To calculate composite or multiple criteria, it is necessary to use the ErrorCrit function. The other ErrorCrit_* functions (e.g. ErrorCrit_RMSE, ErrorCrit_NSE) can only use objects of class Single (and not Multi or Compo).

Details

Users wanting to use FUN_CRIT functions that are not included in the package must create their own InputsCrit object accordingly.

## --- Period of calculation

Criteria can be calculated over discontinuous periods (i.e. only over winter periods, or when observed discharge is below a certain threshold). To do so, please indicate in Bool_Crit which indices must be used for calcullation. Discontinuous periods are allowed in the Bool_Crit argument.

## --- Transformations

Transformations are simple functions applied to the observed and simulated variables used in order to change their distribution. Transformations are often used in hydrology for modifying the weight put on errors made for high flows or low flows. The following transformations are available:

  • "": no transformation is used (default case)

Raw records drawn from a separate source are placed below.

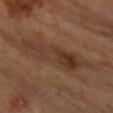The lesion was photographed on a routine skin check and not biopsied; there is no pathology result. The tile uses cross-polarized illumination. A female patient aged around 60. A region of skin cropped from a whole-body photographic capture, roughly 15 mm wide. The lesion is on the arm. Measured at roughly 9.5 mm in maximum diameter.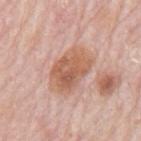follow-up = imaged on a skin check; not biopsied
patient = male, about 80 years old
lesion size = about 6 mm
site = the mid back
lighting = white-light illumination
image = ~15 mm crop, total-body skin-cancer survey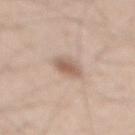The lesion was photographed on a routine skin check and not biopsied; there is no pathology result.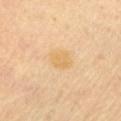Impression:
Part of a total-body skin-imaging series; this lesion was reviewed on a skin check and was not flagged for biopsy.
Image and clinical context:
The lesion-visualizer software estimated a mean CIELAB color near L≈70 a*≈16 b*≈43, roughly 6 lightness units darker than nearby skin, and a normalized border contrast of about 6. And it measured an automated nevus-likeness rating near 5 out of 100. The lesion is on the chest. This is a cross-polarized tile. The recorded lesion diameter is about 3 mm. A 15 mm close-up tile from a total-body photography series done for melanoma screening. A male patient aged approximately 70.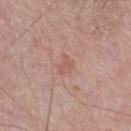| feature | finding |
|---|---|
| notes | total-body-photography surveillance lesion; no biopsy |
| acquisition | ~15 mm tile from a whole-body skin photo |
| lesion size | ≈3 mm |
| lighting | white-light |
| patient | male, about 75 years old |
| anatomic site | the right thigh |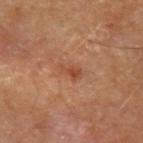{
  "biopsy_status": "not biopsied; imaged during a skin examination",
  "image": {
    "source": "total-body photography crop",
    "field_of_view_mm": 15
  },
  "lighting": "cross-polarized",
  "site": "left forearm",
  "lesion_size": {
    "long_diameter_mm_approx": 2.5
  },
  "patient": {
    "sex": "male",
    "age_approx": 70
  }
}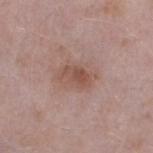The lesion was tiled from a total-body skin photograph and was not biopsied. Approximately 4 mm at its widest. This image is a 15 mm lesion crop taken from a total-body photograph. From the left lower leg. A male subject about 40 years old. Imaged with white-light lighting.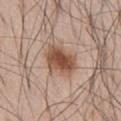The lesion was photographed on a routine skin check and not biopsied; there is no pathology result. An algorithmic analysis of the crop reported a classifier nevus-likeness of about 95/100. A close-up tile cropped from a whole-body skin photograph, about 15 mm across. The patient is a male aged 68 to 72. The tile uses white-light illumination. From the abdomen.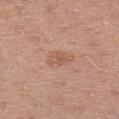The lesion was photographed on a routine skin check and not biopsied; there is no pathology result.
The subject is a male approximately 30 years of age.
This is a white-light tile.
A close-up tile cropped from a whole-body skin photograph, about 15 mm across.
From the left upper arm.
About 3 mm across.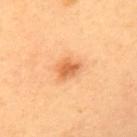This lesion was catalogued during total-body skin photography and was not selected for biopsy.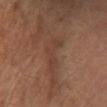Impression: Imaged during a routine full-body skin examination; the lesion was not biopsied and no histopathology is available. Clinical summary: The recorded lesion diameter is about 4.5 mm. The tile uses cross-polarized illumination. A roughly 15 mm field-of-view crop from a total-body skin photograph. On the right lower leg. A female patient in their mid- to late 60s.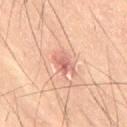follow-up=imaged on a skin check; not biopsied | anatomic site=the lower back | acquisition=total-body-photography crop, ~15 mm field of view | patient=male, in their 50s | tile lighting=cross-polarized illumination.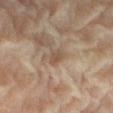biopsy_status: not biopsied; imaged during a skin examination
patient:
  sex: female
  age_approx: 80
image:
  source: total-body photography crop
  field_of_view_mm: 15
lighting: cross-polarized
automated_metrics:
  cielab_L: 43
  cielab_a: 13
  cielab_b: 24
  vs_skin_darker_L: 7.0
  vs_skin_contrast_norm: 6.0
site: right thigh
lesion_size:
  long_diameter_mm_approx: 3.0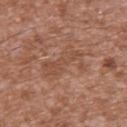Clinical summary:
The lesion's longest dimension is about 6 mm. Located on the back. A roughly 15 mm field-of-view crop from a total-body skin photograph. Imaged with white-light lighting. The patient is a male about 45 years old.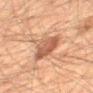workup: imaged on a skin check; not biopsied | size: about 5 mm | imaging modality: ~15 mm crop, total-body skin-cancer survey | lighting: cross-polarized | patient: male, about 60 years old | TBP lesion metrics: a lesion area of about 12 mm², a shape eccentricity near 0.7, and two-axis asymmetry of about 0.3; a lesion–skin lightness drop of about 10 and a lesion-to-skin contrast of about 8 (normalized; higher = more distinct); a border-irregularity index near 3.5/10 and a color-variation rating of about 4.5/10 | body site: the mid back.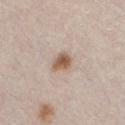Assessment: Recorded during total-body skin imaging; not selected for excision or biopsy. Acquisition and patient details: The lesion's longest dimension is about 2.5 mm. This image is a 15 mm lesion crop taken from a total-body photograph. A male patient aged 28 to 32. The lesion-visualizer software estimated a border-irregularity index near 2/10 and a color-variation rating of about 3.5/10. The software also gave a detector confidence of about 100 out of 100 that the crop contains a lesion. Captured under white-light illumination.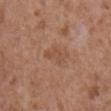{"biopsy_status": "not biopsied; imaged during a skin examination", "image": {"source": "total-body photography crop", "field_of_view_mm": 15}, "site": "abdomen", "patient": {"sex": "male", "age_approx": 75}, "lighting": "white-light"}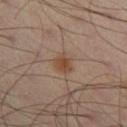Imaged during a routine full-body skin examination; the lesion was not biopsied and no histopathology is available.
A region of skin cropped from a whole-body photographic capture, roughly 15 mm wide.
A male patient aged 43–47.
The lesion-visualizer software estimated an outline eccentricity of about 0.3 (0 = round, 1 = elongated) and a shape-asymmetry score of about 0.25 (0 = symmetric). The software also gave a mean CIELAB color near L≈44 a*≈17 b*≈28, roughly 8 lightness units darker than nearby skin, and a normalized border contrast of about 7.5. The software also gave internal color variation of about 2.5 on a 0–10 scale.
The lesion is on the right lower leg.
Longest diameter approximately 2.5 mm.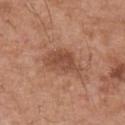The lesion was tiled from a total-body skin photograph and was not biopsied. An algorithmic analysis of the crop reported an area of roughly 11 mm² and two-axis asymmetry of about 0.35. It also reported border irregularity of about 4 on a 0–10 scale, a color-variation rating of about 2.5/10, and peripheral color asymmetry of about 1. The analysis additionally found a lesion-detection confidence of about 100/100. Imaged with white-light lighting. The patient is a male aged 53–57. A 15 mm close-up tile from a total-body photography series done for melanoma screening. The lesion is on the right upper arm.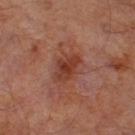Clinical impression:
Recorded during total-body skin imaging; not selected for excision or biopsy.
Image and clinical context:
A 15 mm close-up tile from a total-body photography series done for melanoma screening. The recorded lesion diameter is about 4 mm. A male patient, in their mid-60s. From the right thigh. Imaged with cross-polarized lighting.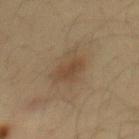The lesion was tiled from a total-body skin photograph and was not biopsied. The subject is a male aged approximately 35. Imaged with cross-polarized lighting. On the mid back. A 15 mm close-up extracted from a 3D total-body photography capture. The recorded lesion diameter is about 5 mm.

  • "sqrt": squared root transformation

  • "log": logarithmic transformation (see below regarding the specific case of KGE or KGE2)

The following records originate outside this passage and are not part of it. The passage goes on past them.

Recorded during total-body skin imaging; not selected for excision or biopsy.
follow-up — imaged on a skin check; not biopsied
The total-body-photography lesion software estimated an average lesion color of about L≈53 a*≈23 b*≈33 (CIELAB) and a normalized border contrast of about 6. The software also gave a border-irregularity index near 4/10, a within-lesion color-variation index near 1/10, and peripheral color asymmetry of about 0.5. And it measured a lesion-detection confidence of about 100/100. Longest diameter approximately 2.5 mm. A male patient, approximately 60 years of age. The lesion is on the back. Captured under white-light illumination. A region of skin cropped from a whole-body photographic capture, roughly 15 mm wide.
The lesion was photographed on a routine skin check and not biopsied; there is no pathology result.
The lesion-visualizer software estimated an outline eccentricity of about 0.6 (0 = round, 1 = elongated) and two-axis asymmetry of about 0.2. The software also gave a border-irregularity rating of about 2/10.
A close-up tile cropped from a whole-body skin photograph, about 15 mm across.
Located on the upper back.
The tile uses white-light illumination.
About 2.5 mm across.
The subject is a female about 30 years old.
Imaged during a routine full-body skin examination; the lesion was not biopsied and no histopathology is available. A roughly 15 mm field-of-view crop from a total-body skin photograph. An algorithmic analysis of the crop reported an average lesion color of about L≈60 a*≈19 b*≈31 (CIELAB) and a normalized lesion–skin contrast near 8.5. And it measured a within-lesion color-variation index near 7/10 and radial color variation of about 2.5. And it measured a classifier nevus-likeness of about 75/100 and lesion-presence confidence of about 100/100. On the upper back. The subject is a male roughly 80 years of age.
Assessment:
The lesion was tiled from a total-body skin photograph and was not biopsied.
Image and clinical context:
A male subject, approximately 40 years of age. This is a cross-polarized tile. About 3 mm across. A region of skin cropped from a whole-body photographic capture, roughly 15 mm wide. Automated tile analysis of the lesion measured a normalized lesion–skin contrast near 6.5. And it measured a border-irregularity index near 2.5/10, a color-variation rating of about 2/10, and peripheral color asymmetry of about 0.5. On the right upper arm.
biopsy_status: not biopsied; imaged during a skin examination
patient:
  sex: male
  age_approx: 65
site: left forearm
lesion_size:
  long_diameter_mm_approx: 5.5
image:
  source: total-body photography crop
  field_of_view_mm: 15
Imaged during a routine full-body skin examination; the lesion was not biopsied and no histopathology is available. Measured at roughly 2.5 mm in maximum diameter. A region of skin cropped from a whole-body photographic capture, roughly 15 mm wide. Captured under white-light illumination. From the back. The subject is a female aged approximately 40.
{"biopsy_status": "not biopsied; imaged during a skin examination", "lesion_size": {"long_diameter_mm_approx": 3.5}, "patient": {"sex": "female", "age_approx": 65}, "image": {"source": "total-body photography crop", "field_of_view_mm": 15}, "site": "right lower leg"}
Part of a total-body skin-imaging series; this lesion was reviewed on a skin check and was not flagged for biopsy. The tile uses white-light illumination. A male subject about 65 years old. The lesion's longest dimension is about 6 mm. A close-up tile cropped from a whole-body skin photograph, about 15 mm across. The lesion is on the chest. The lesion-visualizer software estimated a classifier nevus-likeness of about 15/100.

  • "inv": inverse transformation

  • "sort": sort transformation (the simulated and observed variables are sorted from lowest to highest)

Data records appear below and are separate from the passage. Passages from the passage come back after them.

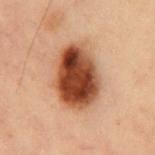Captured during whole-body skin photography for melanoma surveillance; the lesion was not biopsied. A male patient, in their mid-50s. Located on the chest. A 15 mm close-up extracted from a 3D total-body photography capture. Imaged with cross-polarized lighting.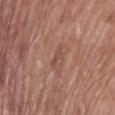<tbp_lesion>
<biopsy_status>not biopsied; imaged during a skin examination</biopsy_status>
<site>chest</site>
<automated_metrics>
  <area_mm2_approx>2.0</area_mm2_approx>
  <shape_asymmetry>0.4</shape_asymmetry>
  <border_irregularity_0_10>4.5</border_irregularity_0_10>
  <color_variation_0_10>0.0</color_variation_0_10>
</automated_metrics>
<lighting>white-light</lighting>
<image>
  <source>total-body photography crop</source>
  <field_of_view_mm>15</field_of_view_mm>
</image>
<patient>
  <sex>male</sex>
  <age_approx>65</age_approx>
</patient>
</tbp_lesion>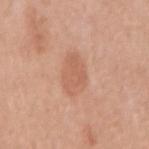{"biopsy_status": "not biopsied; imaged during a skin examination", "site": "right upper arm", "automated_metrics": {"area_mm2_approx": 9.0, "eccentricity": 0.75, "shape_asymmetry": 0.25, "border_irregularity_0_10": 2.5, "peripheral_color_asymmetry": 1.0}, "image": {"source": "total-body photography crop", "field_of_view_mm": 15}, "patient": {"sex": "female", "age_approx": 50}, "lighting": "white-light", "lesion_size": {"long_diameter_mm_approx": 4.0}}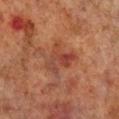  site: right lower leg
  image:
    source: total-body photography crop
    field_of_view_mm: 15
  patient:
    sex: male
    age_approx: 70
  automated_metrics:
    area_mm2_approx: 9.0
    eccentricity: 0.6
    nevus_likeness_0_100: 0
  lesion_size:
    long_diameter_mm_approx: 4.0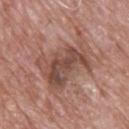follow-up — catalogued during a skin exam; not biopsied
lighting — white-light
image — total-body-photography crop, ~15 mm field of view
anatomic site — the upper back
automated lesion analysis — an area of roughly 25 mm²; a lesion color around L≈49 a*≈21 b*≈25 in CIELAB and a lesion-to-skin contrast of about 7.5 (normalized; higher = more distinct); a nevus-likeness score of about 0/100
diameter — ~8 mm (longest diameter)
patient — male, aged 68 to 72

  • "boxcox": Box-Cox transformation (see below for details)

  • numeric: power transformation (see below for details)

We do not advise computing KGE or KGE' with log-transformation as it might be wrongly influenced by discharge values close to 0 or 1 and the criterion value is dependent on the discharge unit. See Santos et al. (2018) for more details and alternative solutions (see the references list below).

In order to make sure that KGE and KGE2 remain dimensionless and are not impacted by zero values, the Box-Cox transformation (transfo = "boxcox") uses the formulation given in Equation 10 of Santos et al. (2018). Lambda is set to 0.25 accordingly.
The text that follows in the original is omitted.